US 12,130,790 B1
Method for accelerated long document search using Hilbert curve mapping
Muhammad Saleh Saeed Al-Qurishi, Riyadh (SA); and Riad Souissi, Riyadh (SA)
Assigned to ELM, Riyadh (SA)
Filed by ELM, Riyadh (SA)
Filed on Jan. 22, 2024, as Appl. No. 18/418,948.
Claims priority of provisional application 63/514,579, filed on Jul. 20, 2023.
Int. Cl. G06F 16/22 (2019.01); G06F 16/93 (2019.01); G06F 16/953 (2019.01)
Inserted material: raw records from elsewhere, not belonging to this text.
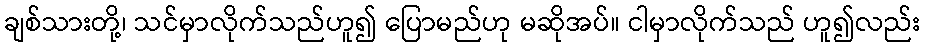
ချစ်သားတို့၊ သင်မှာလိုက်သည်ဟူ၍ ပြောမည်ဟု မဆိုအပ်။ ငါမှာလိုက်သည် ဟူ၍လည်း
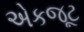
એકજૂટ
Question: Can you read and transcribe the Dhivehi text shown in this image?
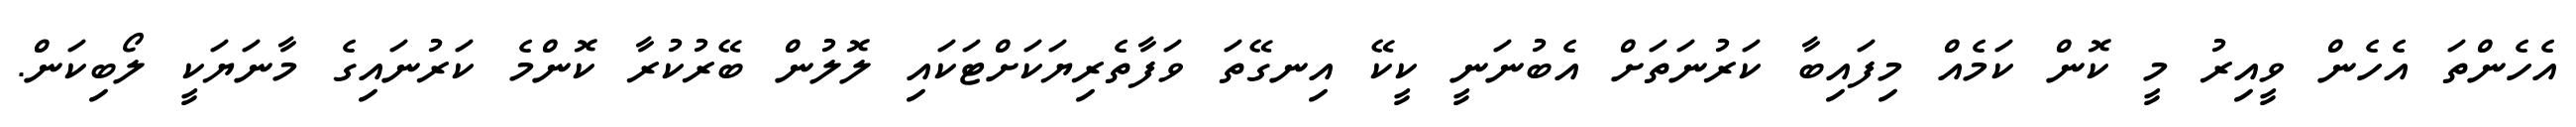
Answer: އެހެންތަ އެހެން ވީއިރު މީ ކޮން ކަމެއް މިފައިބާ ކަރުނަތަށް އެބުނަނީ ކީކޭ އިނގޭތަ ވަފާތެރިޔަކަށްޓަކައި ލޮލުން ބޭރުކުރާ ކޮންމެ ކަރުނައިގެ މާނަޔަކީ ލޯބިކަން.
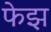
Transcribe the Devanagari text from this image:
फेझ
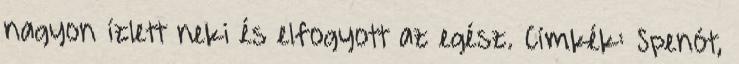
nagyon ízlett neki és elfogyott az egész. Címkék: Spenót,
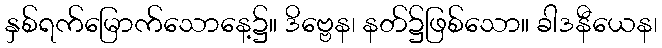
နှစ်ရက်မြောက်သောနေ့၌။ ဒိဗ္ဗေန၊ နတ်၌ဖြစ်သော။ ခါဒနီယေန၊
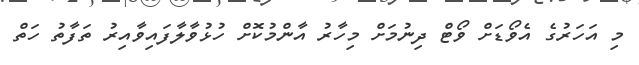
މި އަހަރުގެ އެވޯޑަށް ވޯޓް ދިނުމަށް މިހާރު އާންމުކޮށް ހުޅުވާލާފައިވާއިރު ތަފާތު ހަތް
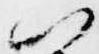
以
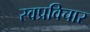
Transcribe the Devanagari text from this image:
स्वप्रविचार
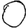
Digit: 0
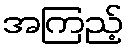
အကြည့်
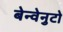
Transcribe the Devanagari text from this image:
बेन्वेनुटो
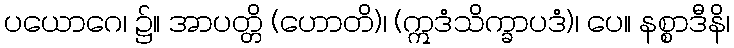
ပယောဂေ၊ ၌။ အာပတ္တိ (ဟောတိ)၊ (ဣဒံသိက္ခာပဒံ)၊ ပေ။ နစ္စာဒီနိ၊
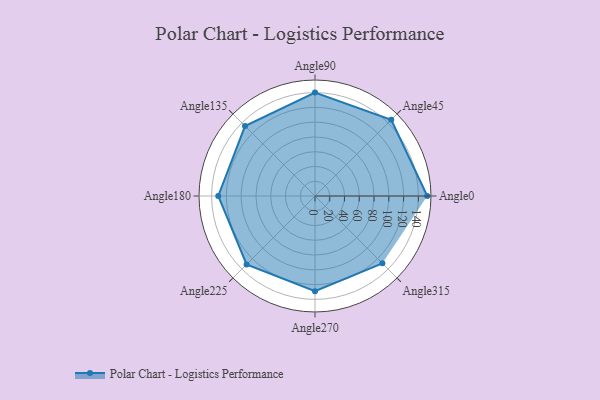
{"axis": {"x": "Angle", "y": "Radius"}, "legend": [""], "data": [{"x": "Angle0", "y": 152.0, "type": ""}, {"x": "Angle45", "y": 146.0, "type": ""}, {"x": "Angle90", "y": 140.0, "type": ""}, {"x": "Angle135", "y": 134.0, "type": ""}, {"x": "Angle180", "y": 131.0, "type": ""}, {"x": "Angle225", "y": 131.0, "type": ""}, {"x": "Angle270", "y": 129.0, "type": ""}, {"x": "Angle315", "y": 129.0, "type": ""}]}
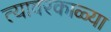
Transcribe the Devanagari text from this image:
त्यावरकाळ्या
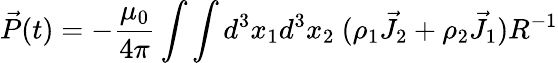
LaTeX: \vec{P}(t)=-\frac{\mu_{0}}{4\pi}\int\int d^{3}x_{1}d^{3}x_{2}~(\rho_{1}\vec{J}_{2}+\rho_{2}\vec{J}_{1})R^{-1}
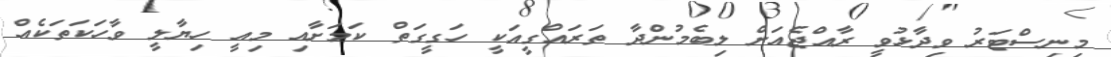
މިނިސްޓަރު ވިދާޅުވީ ރާއްޖެއަށް ލިބެމުންދާ ތަރައްގީއަކީ ހަގީގަތް ކަމަށާއި މިއީ ހިޔާލީ ވާހަކަތަކެއް
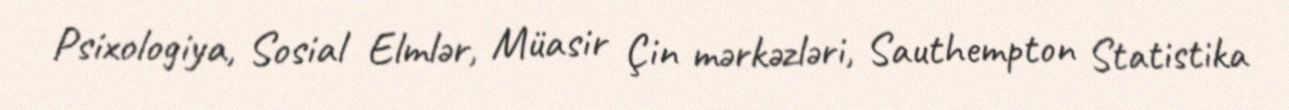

CPC G06F 16/2237 (2019.01) [G06F 16/2264 (2019.01); G06F 16/93 (2019.01); G06F 16/953 (2019.01)] 15 Claims
OG exemplary drawing
 
1. A method for a textual document search engine, comprising:
initializing the textual document search engine, by
inputting, into a memory, a plurality of documents,
wherein each document of the plurality of documents has a plurality of sentences, and each sentence of each document has m semantic embedding vectors, where m is an integer greater than 1;
mapping, via a processing circuitry, the m semantic embedding vectors for each document of the plurality of documents to 1-dimensional vectors of Hilbert numbers using a Hilbert curve transformation;
constructing, via the processing circuitry, an index table with the plurality of 1-dimensional vectors; and
storing the index table in the memory,
wherein, in the mapping, the processing circuitry performs the Hilbert curve transformation by converting m embedding vectors into a Hilbert number and the Hilbert numbers are search keys in the index table,
the method further comprising:
performing a search using the initialized textual document search engine, by
receiving a query document, which has query embedding vectors;
searching, via the processing circuitry, the search keys in the index table; and
performing, via the processing circuitry, a filtration stage,
wherein the searching, via the processing circuitry, includes:
mapping the query embedding vectors into Hilbert numbers for the query document; and
performing a binary search based on the Hilbert numbers, and
wherein the performing the filtration stage, via the processing circuitry, includes:
outputting a predetermined number of candidate documents that are similar to the query document.